Task statement
Below are the records. List every line holding the word "slanted".

Source material
*** Begin section ***

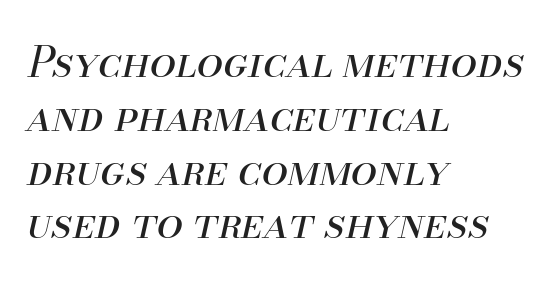
The image shows 42 px regular-weight type, italic (leaning right); set left-aligned, normal line spacing (1.28x), normal letter spacing, not underlined; medium stroke contrast and a small x-height.
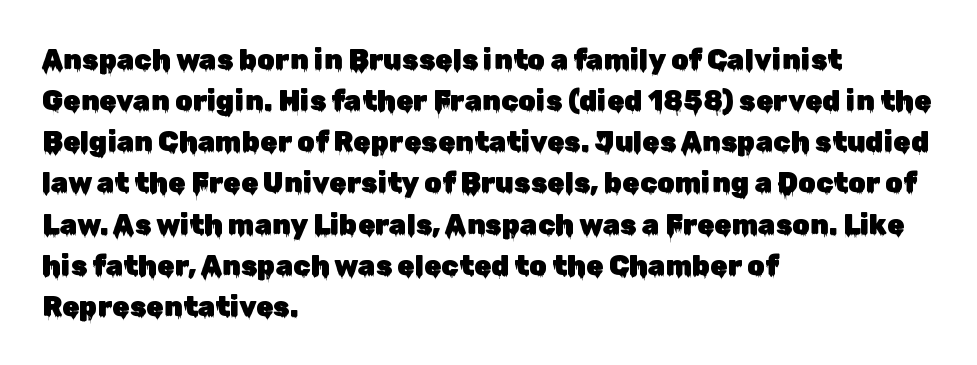
Q: Is the text italic (slanted)? A: No, it is upright.
Q: Is the typeface a serif or a sans-serif typeface? A: Sans-serif.
Q: Is the text underlined? A: No.
Q: How is the paragraph aligned? A: Left-aligned.
Q: Is the spacing between letters normal or unusually wide? A: Normal.
Q: Is the spacing between lines tight, normal or loose? A: Normal.
Q: Width (condensed, normal, or wide)? A: Normal.
Q: Stroke contrast? A: Low.
Q: x-height? A: Medium.
Q: Monospaced? A: No.
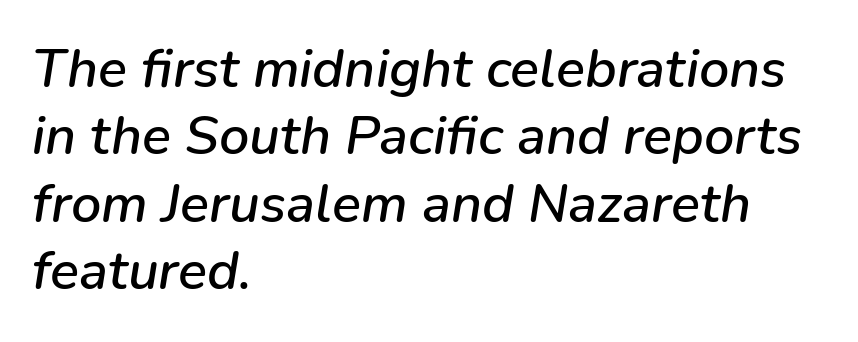
Q: Is the text italic (slanted)? A: Yes, it leans right by about 9 degrees.
Q: Is the text underlined? A: No.
Q: How is the paragraph aligned? A: Left-aligned.
Q: Is the spacing between letters normal or unusually wide? A: Normal.
Q: Is the spacing between lines tight, normal or loose? A: Normal.
Q: Width (condensed, normal, or wide)? A: Normal.
Q: Stroke contrast? A: Low.
Q: x-height? A: Medium.
Q: Monospaced? A: No.
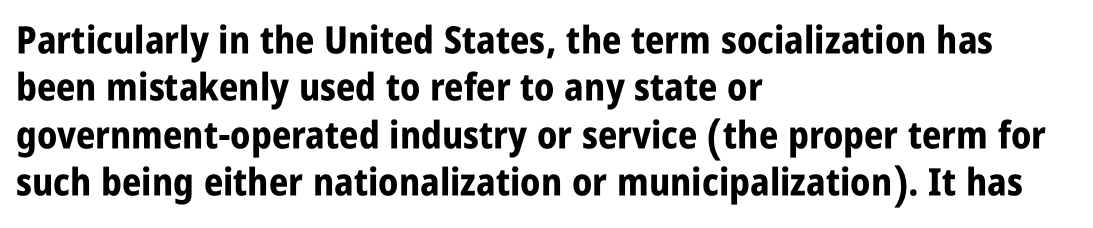
Glance below the letters and you will spot only blank space. Posture: straight, roman, zero tilt. Horizontal alignment here is leftward, the default for most running prose. These lines are composed in type without serifs.

*** End section ***

Solution to this exercise
Q: Is the text italic (slanted)? A: No, it is upright.
Q: Is the text italic (slanted)? A: Yes, it leans right by about 9 degrees.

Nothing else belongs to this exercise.